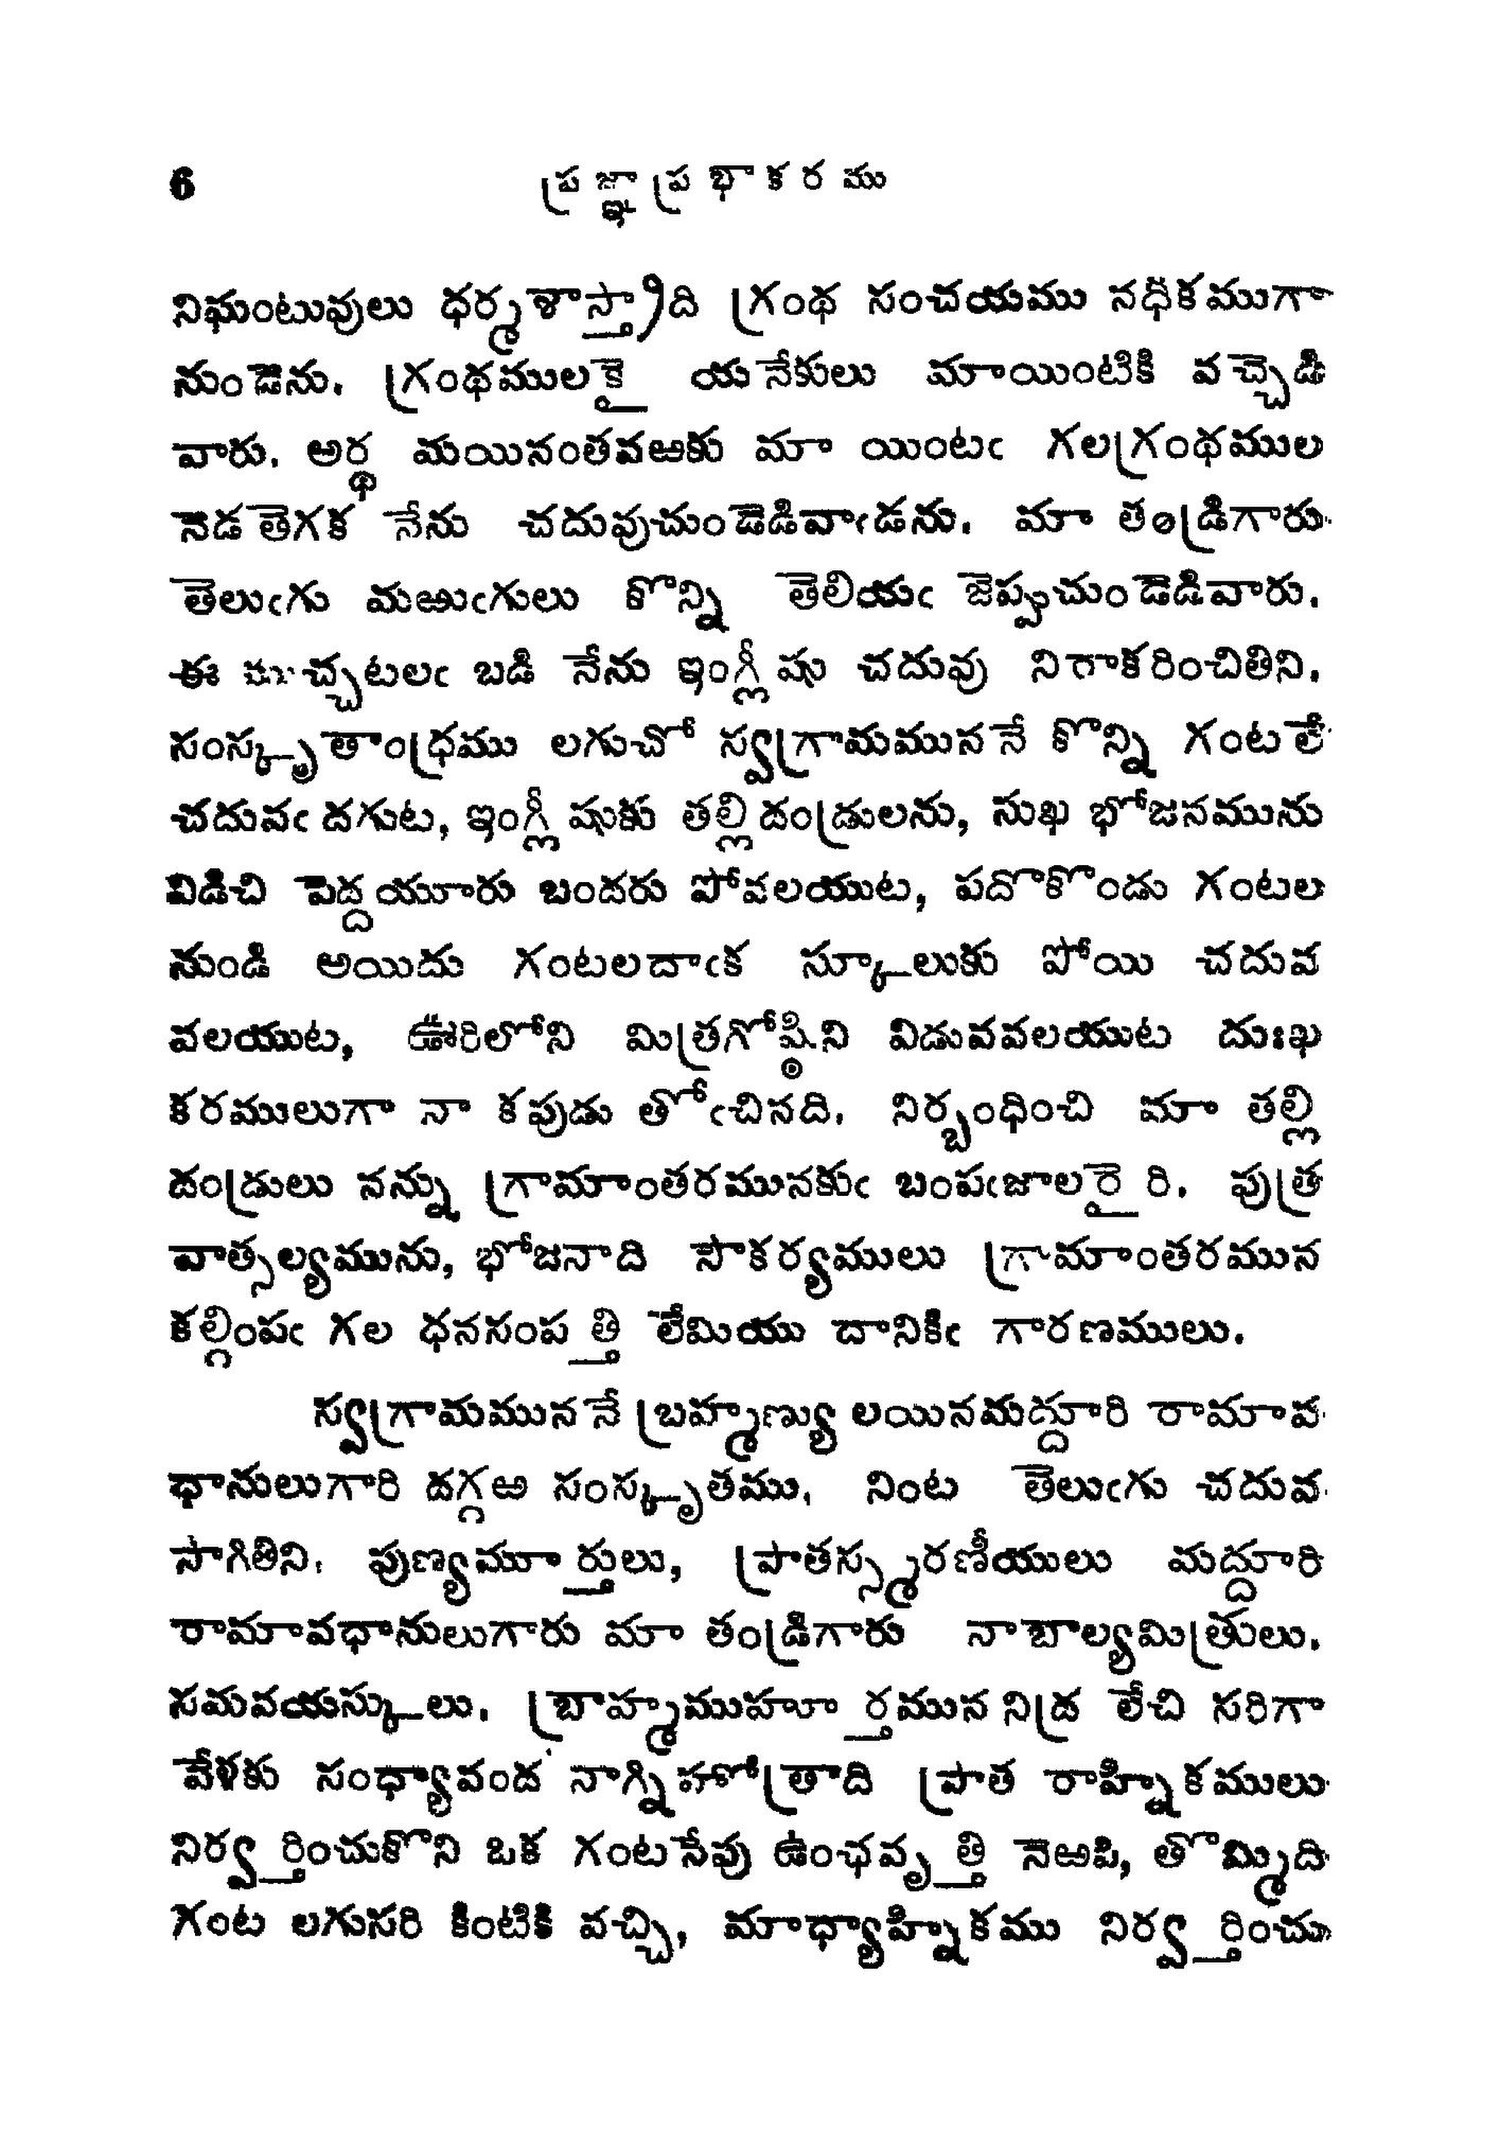నిఘంటువులు ధర్మశాస్త్రాది గ్రంధ సంచయము నధికముగా నుండెను. గ్రంధములకై యనేకులు మా యింటికి వచ్చెడివారు. అర్ధ మయినంత వఱకు మా యింటఁ గల గ్రంధముల నెడ తెగక నేను చదువు చుండెడివాఁ డను. మా తండ్రిగారు తెలుఁగు మఱుఁగులు కొన్ని తెలియఁ జెప్పు చుండెడివారు. ఈ ముచ్చటలఁ బడి నేని ఇంగ్లీషుకు చదువు నిరాకరించితిని. సంస్కృతాంధ్రములగుచో స్వగ్రామముననే కొన్ని గంటలే చదువఁ డగుట, ఇంగ్లీషుకు తల్లిదండ్రులను, సుఖ భోజనమును విడిచి పెద్దయూరు బందరు పోవలయుట, పదొకొండు గంటలనుండి అయిదు గంటల దాఁక స్కూలుకు పోయి చదువవలయుట, ఊరిలోని మిత్రగోష్టిని విడువవలయుట దుఃఖకరములుగా నా కపుడు తోఁచినవి. నిర్బంధించి మా తల్లిదండ్రులు నన్ను గ్రామాంతరమునకుఁ బంపఁ జాలరైరి.పుత్రువాత్సల్యమును,భోజనాది సౌకర్యములు గ్రామంతరమున కల్గింపఁ గల ధనసంపత్తి లేమియు దానికిఁ గారణములు.
 
స్వగ్రామముననే బ్రహ్మణ్యులయిన మద్దూరి రామావ దానులుగారి దగ్గఱ సంస్కృతము, నింత తెలుఁ గు చదువ సాగితిని. పుణ్యమూర్తులు, ప్రాతస్స్మరాణీయులు మద్దూరి రామావధానులుగారు మా తండ్రిగారు నా బాల్య మిత్రులు. సమవయస్కులు. బ్రహ్మముహుర్తమున నిద్రలేచి సరిగా వేళకు సంధ్యా వంద నాగ్నిహోత్రాది ప్రాత రాహ్నికములు నిర్విర్తించుకొని ఒక గంట సేపు ఉంఛవృత్తి నెఱిపి, తొమ్మిది గంటలగుసరి కింటికి వచ్చి, మాధ్యాహ్నికము నిర్వర్తించు
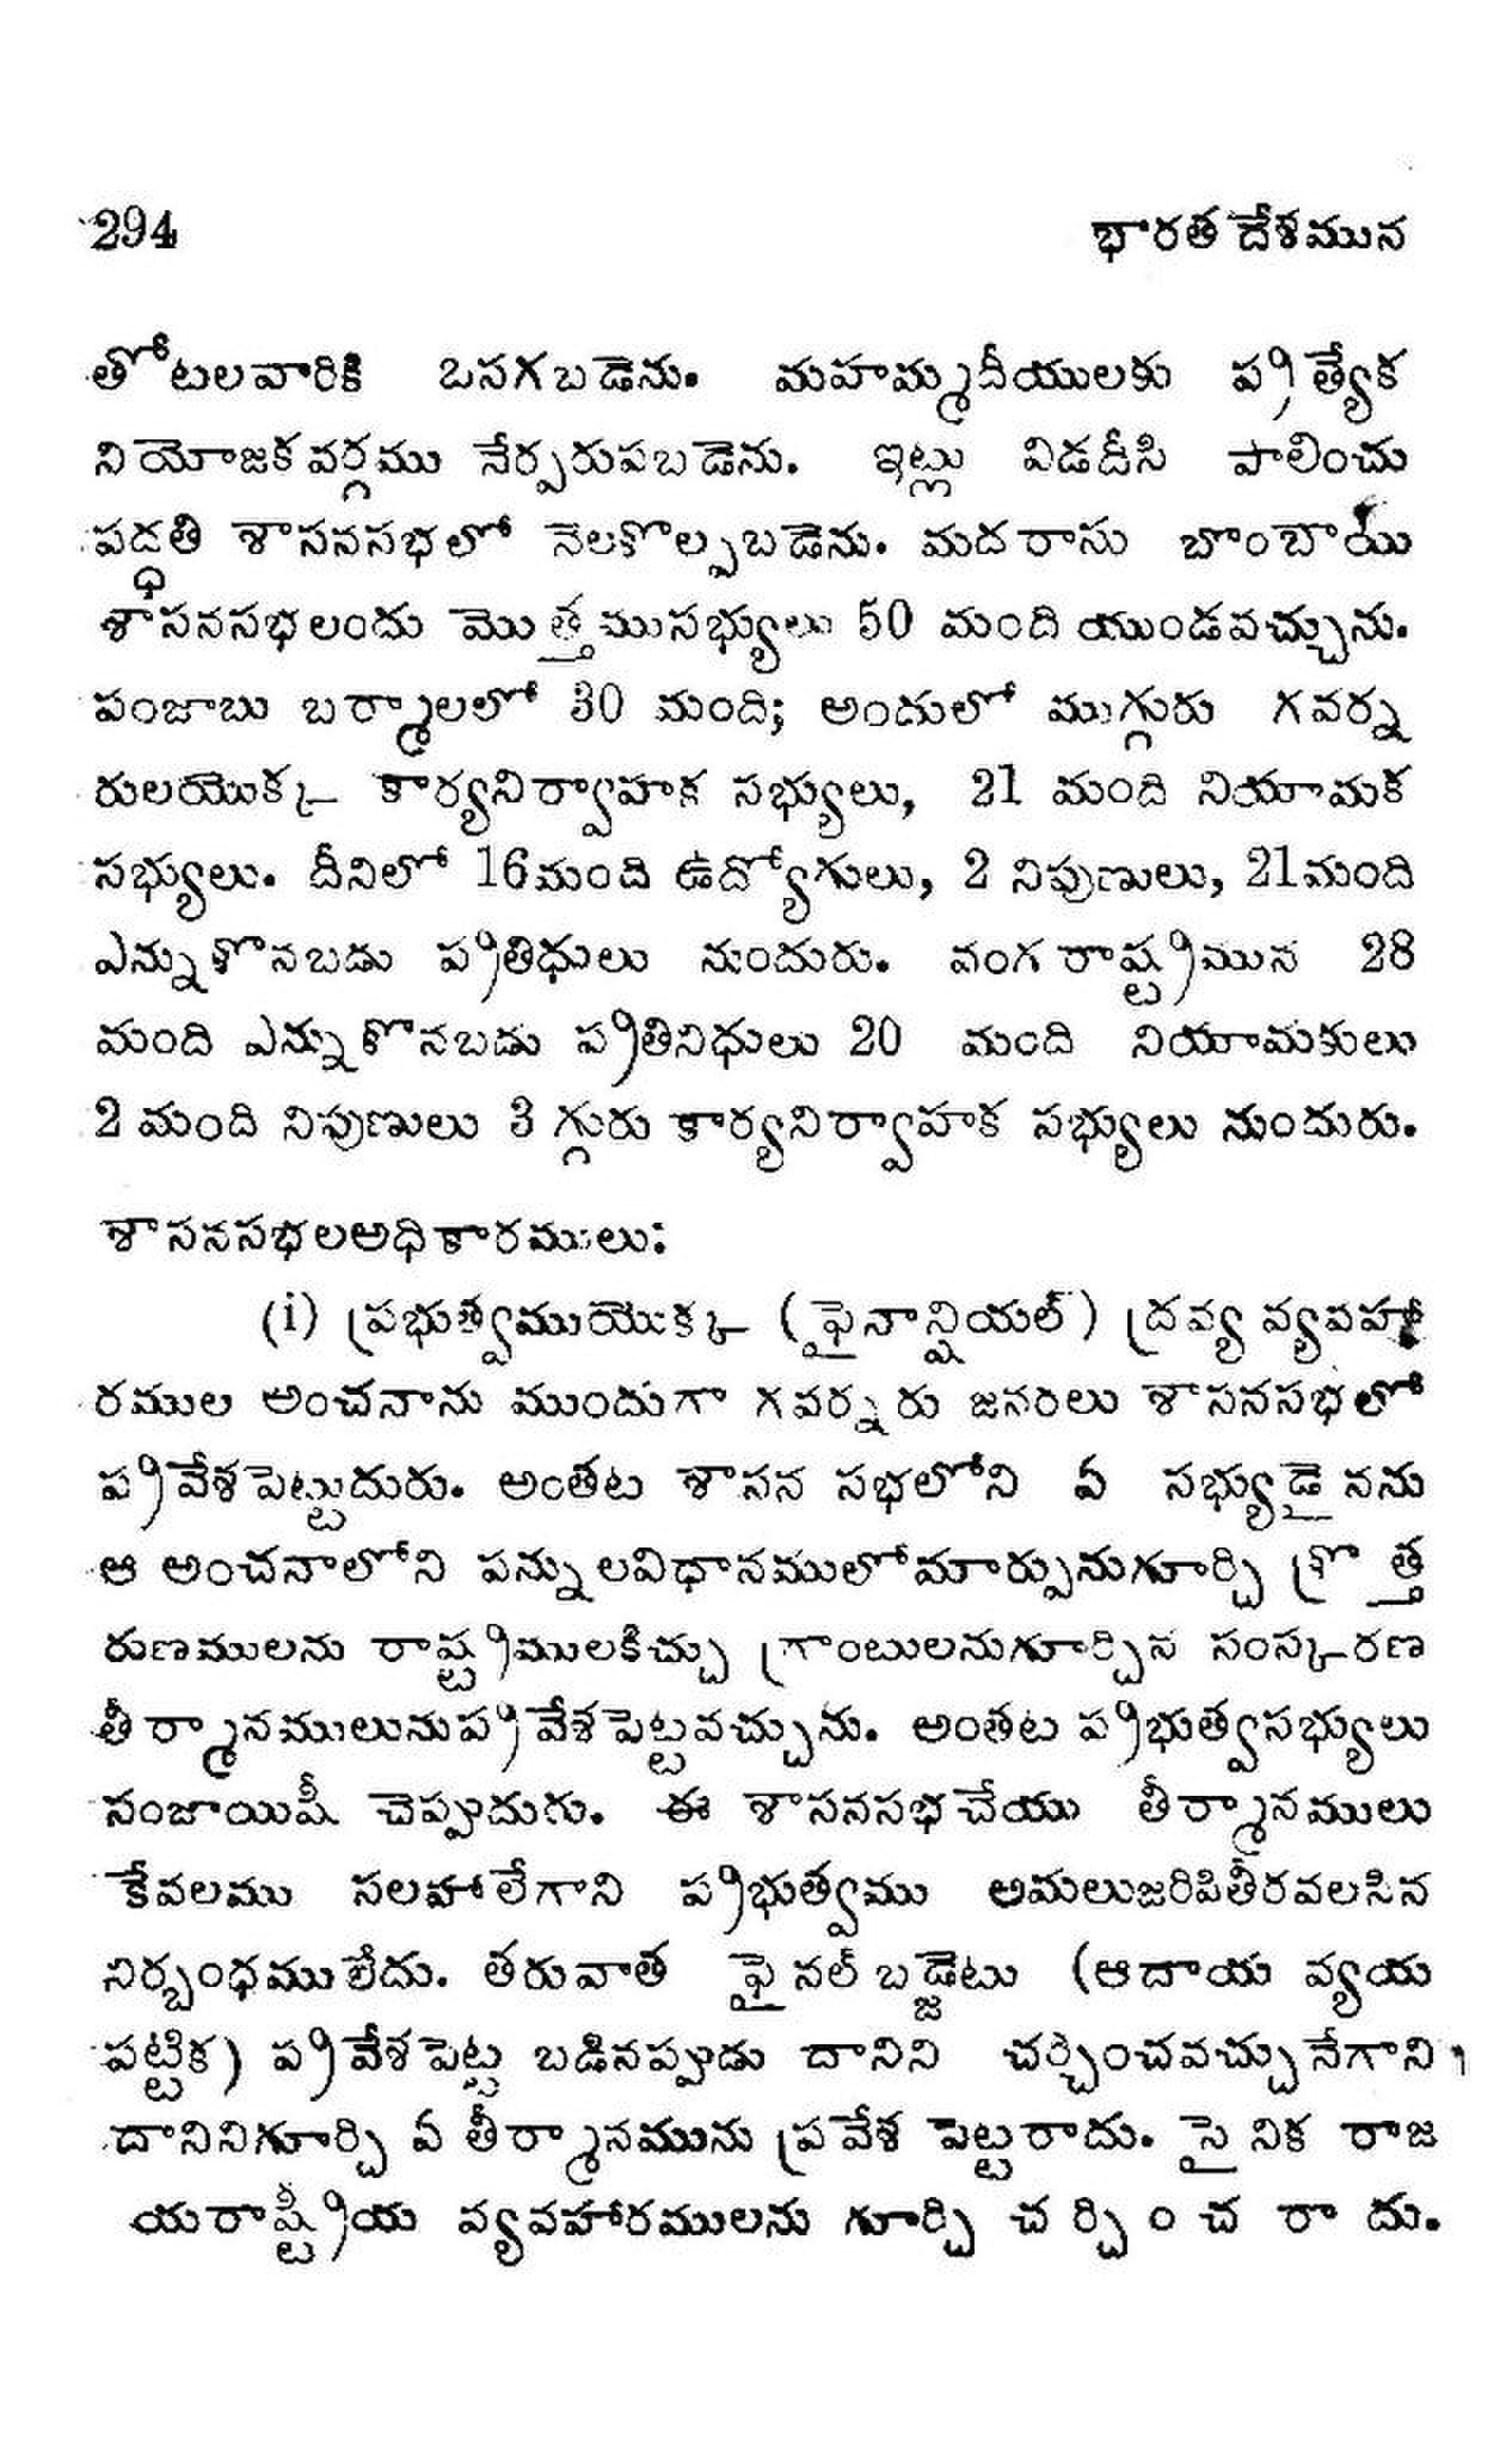తోటలవారికి ఒసగబడెను. మహమ్మదీయులకు ప్రత్యేక నియోజకవర్గము నేర్పరుపబడెను. ఇట్లు విడదీసి పాలించు పద్ధతి శాసనసభలో నెలకొల్పబడెను. మదరాసు బొంబాయి శాసనసభలందు మొత్తముసభ్యులు 50 మంది యుండవచ్చును. పంజాబు బర్మాలలో 30 మంది; అందులో ముగ్గురు గవర్నరులయొక్క కార్యనిర్వాహక సభ్యులు, 21 మంది నియామక సభ్యులు. దీనిలో 16 మంది ఉద్యోగులు, 2 నిపుణులు, 21 మంది ఎన్నుకొనబడు ప్రతిధులు నుందురు. వంగరాష్ట్రమున 28 మంది ఎన్నుకొనబడు ప్రతినిధులు 20 మంది నియామకులు 2 మంది నిపుణులు 3 గ్గురు కార్యనిర్వాహక సభ్యులు నుందురు. 

శాసనసభలఅధికారములు:

(i) ప్రభుత్వముయొక్క (ఫైనాన్షియల్ ) ద్రవ్యవ్యవహారముల అంచనాను ముందుగా గవర్నరు జనరలు శాసనసభలో ప్రవేశపెట్టుదురు. అంతట శాసన సభలోని ఏ సభ్యుడైనను ఆ అంచనాలోని పన్నులవిధానములో మార్పునుగూర్చి క్రొత్త రుణములను రాష్ట్రములకిచ్చు గ్రాంటులనుగూర్చిన సంస్కరణ తీర్మానములును ప్రవేశపెట్టవచ్చును. అంతట ప్రభుత్వసభ్యులు సంజాయిషీ చెప్పుదురు. ఈ శాసనసభచేయు తీర్మానములు కేవలము సలహాలేగాని ప్రభుత్వము అమలుజరిపితీరవలసిన నిర్బంధమలేదు. తరువాత ఫైనల్ బడ్జెటు (ఆదాయ వ్యయపట్టిక) ప్రవేశపెట్ట బడినప్పుడు దానిని చర్చించవచ్చునేగాని దానినిగూర్చి ఏ తీర్మానమును ప్రవేశ పెట్టరాదు. సైనిక రాజయరాష్ట్రీయ వ్యవహారములను గూర్చి చర్చించరాదు.

* [What is being asked]
Your task is to reproduce the entries above word for word, from the first line through the line with "స్వగ్రామముననే బ్రహ్మణ్యులయిన మద్దూరి", and please leave out any pictures.

* [Solved exercise]
నిఘంటువులు ధర్మశాస్త్రాది గ్రంధ సంచయము నధికముగా నుండెను. గ్రంధములకై యనేకులు మా యింటికి వచ్చెడివారు. అర్ధ మయినంత వఱకు మా యింటఁ గల గ్రంధముల నెడ తెగక నేను చదువు చుండెడివాఁ డను. మా తండ్రిగారు తెలుఁగు మఱుఁగులు కొన్ని తెలియఁ జెప్పు చుండెడివారు. ఈ ముచ్చటలఁ బడి నేని ఇంగ్లీషుకు చదువు నిరాకరించితిని. సంస్కృతాంధ్రములగుచో స్వగ్రామముననే కొన్ని గంటలే చదువఁ డగుట, ఇంగ్లీషుకు తల్లిదండ్రులను, సుఖ భోజనమును విడిచి పెద్దయూరు బందరు పోవలయుట, పదొకొండు గంటలనుండి అయిదు గంటల దాఁక స్కూలుకు పోయి చదువవలయుట, ఊరిలోని మిత్రగోష్టిని విడువవలయుట దుఃఖకరములుగా నా కపుడు తోఁచినవి. నిర్బంధించి మా తల్లిదండ్రులు నన్ను గ్రామాంతరమునకుఁ బంపఁ జాలరైరి.పుత్రువాత్సల్యమును,భోజనాది సౌకర్యములు గ్రామంతరమున కల్గింపఁ గల ధనసంపత్తి లేమియు దానికిఁ గారణములు.
 
స్వగ్రామముననే బ్రహ్మణ్యులయిన మద్దూరి రామావ దానులుగారి దగ్గఱ సంస్కృతము, నింత తెలుఁ గు చదువ సాగితిని. పుణ్యమూర్తులు, ప్రాతస్స్మరాణీయులు మద్దూరి రామావధానులుగారు మా తండ్రిగారు నా బాల్య మిత్రులు. సమవయస్కులు. బ్రహ్మముహుర్తమున నిద్రలేచి సరిగా వేళకు సంధ్యా వంద నాగ్నిహోత్రాది ప్రాత రాహ్నికములు నిర్విర్తించుకొని ఒక గంట సేపు ఉంఛవృత్తి నెఱిపి, తొమ్మిది గంటలగుసరి కింటికి వచ్చి, మాధ్యాహ్నికము నిర్వర్తించు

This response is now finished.